Даже отец встретил Дороти так, словно она уезжала на выходные. В момент ее прибытия он находился в кабинете, покуривая трубку перед напольными часами, стекло которых, четыре месяца назад разбитое ручкой метлы глупой служанки, все еще дожидалось ремонта. Увидев в дверях Дороти, он вынул трубку изо рта и рассеянно положил ее в карман. «Ужасно постарел», – подумала Дороти.
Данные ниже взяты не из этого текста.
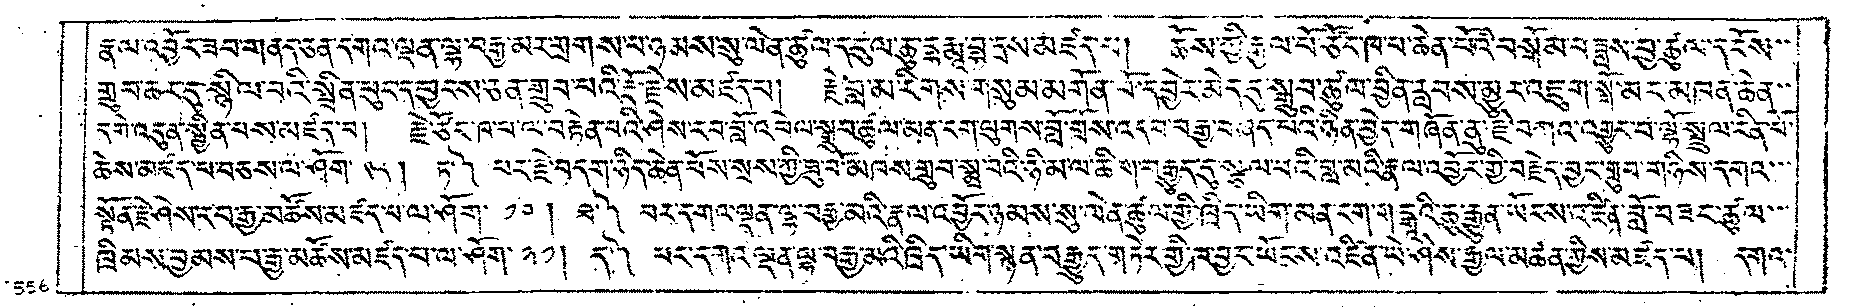རྣལ་འབྱོར་ཟབ་གནད་ཅན་དགའ་ལྡན་ལྷ་བརྒྱ་མར་གྲགས་པ་ཉམས་སུ་ལེན་ཚུལ་དངུལ་ཆུ་དྷརྨཱ་བྷ་དྲས་མཛད་པ། ཆོས་ཀྱི་རྒྱལ་པོ་ཙོང་ཁ་པ་ཆེན་པོའི་བསྒོམ་བཟླས་བྱ་ཚུལ་དངོས་
གྲུབ་ཆར་དུ་སྙིལ་བའི་སྤྲིན་ཕུང་དབྱངས་ཅན་གྲུབ་པའི་རྡོ་རྗེས་མཛད་པ། རྗེ་བླ་མ་རིགས་གསུམ་མགོན་པོ་དབྱེར་མེད་དུ་སྒྲུབ་ཚུལ་བྱིན་རླབས་མྱུར་འཇུག་སྒོ་མང་མཁན་ཆེན་
དགེ་འདུན་སྦྱིན་པས་མཛད་པ། རྗེ་ཙོང་ཁ་པ་ལ་བརྟེན་པའི་ཤེས་རབ་བློ་འཕེལ་སྒྲུབ་ཚུལ་མན་ངག་ལུགས་བློ་གྲོས་འདབ་བརྒྱ་བཞད་པའི་ཉིན་བྱེད་གཞོན་ནུ་རྗེ་བཀའ་འགྱུར་བ་ལྷོ་སྤྲུལ་རིན་པོ་
ཆེས་མཛད་པ་བཅས་ལ་ཤོག ༤༨། ཏ྄་པར་རྗེ་བདག་ཉིད་ཆེན་པོས་སྲས་ཀྱི་ཐུ་བོ་མཁས་གྲུབ་སྨྲ་བའི་ཉི་མ་ལ་ཆིག་བརྒྱུད་དུ་སྩལ་བའི་བླ་མའི་རྣལ་འབྱོར་གྱི་བརྗེད་བྱང་གྲུབ་གཉིས་དགའ་
སྟོན་རྗེ་ཤེས་རབ་རྒྱ་མཚོས་མཛད་པ་ལ་ཤོག ༡༠། ཐ྄་པར་དགའ་ལྡན་ལྷ་བརྒྱ་མའི་རྣལ་འབྱོར་ཉམས་སུ་ལེན་ཚུལ་གྱི་ཁྲིད་ཡིག་མན་ངག་གངྒཱའི་ཆུ་རྒྱུན་ཡོངས་འཛིན་བློ་བཟང་ཚུལ་
ཁྲིམས་བྱམས་པ་རྒྱ་མཚོས་མཛད་པ་ལ་ཤོག ༢༡། ད྄་པར་དགའ་ལྡན་ལྷ་བརྒྱ་མའི་ཁྲིད་ཡིག་སྙན་བརྒྱུད་གཏེར་གྱི་ཁ་བྱང་ཡོངས་འཛིན་ཡེ་ཤེས་རྒྱལ་མཚན་གྱིས་མཛད་པ། དགའ་

– Приехала наконец, – сказал он. – Добралась хорошо? В поезде не дуло?
Дороти тихонько обняла его, коснувшись губами серебристо-бледной щеки. Когда она отняла руки, он похлопал ее по плечу с едва заметным оттенком теплоты и спросил:
– Что это тебе вдруг пришло в голову удариться в бега?
– Я же рассказывала, папа, – я потеряла память.
– Хм, – произнес Ректор.
И Дороти увидела, что он не верит ей, никогда не поверит и в будущем, когда у него будет не столь благодушное настроение, этот случай с ней многократно послужит поводом для колкостей и упреков.
– Ну, – добавил Ректор, – иди, отнеси наверх свой саквояж, а потом, будь добра, перепечатай на машинке мою проповедь.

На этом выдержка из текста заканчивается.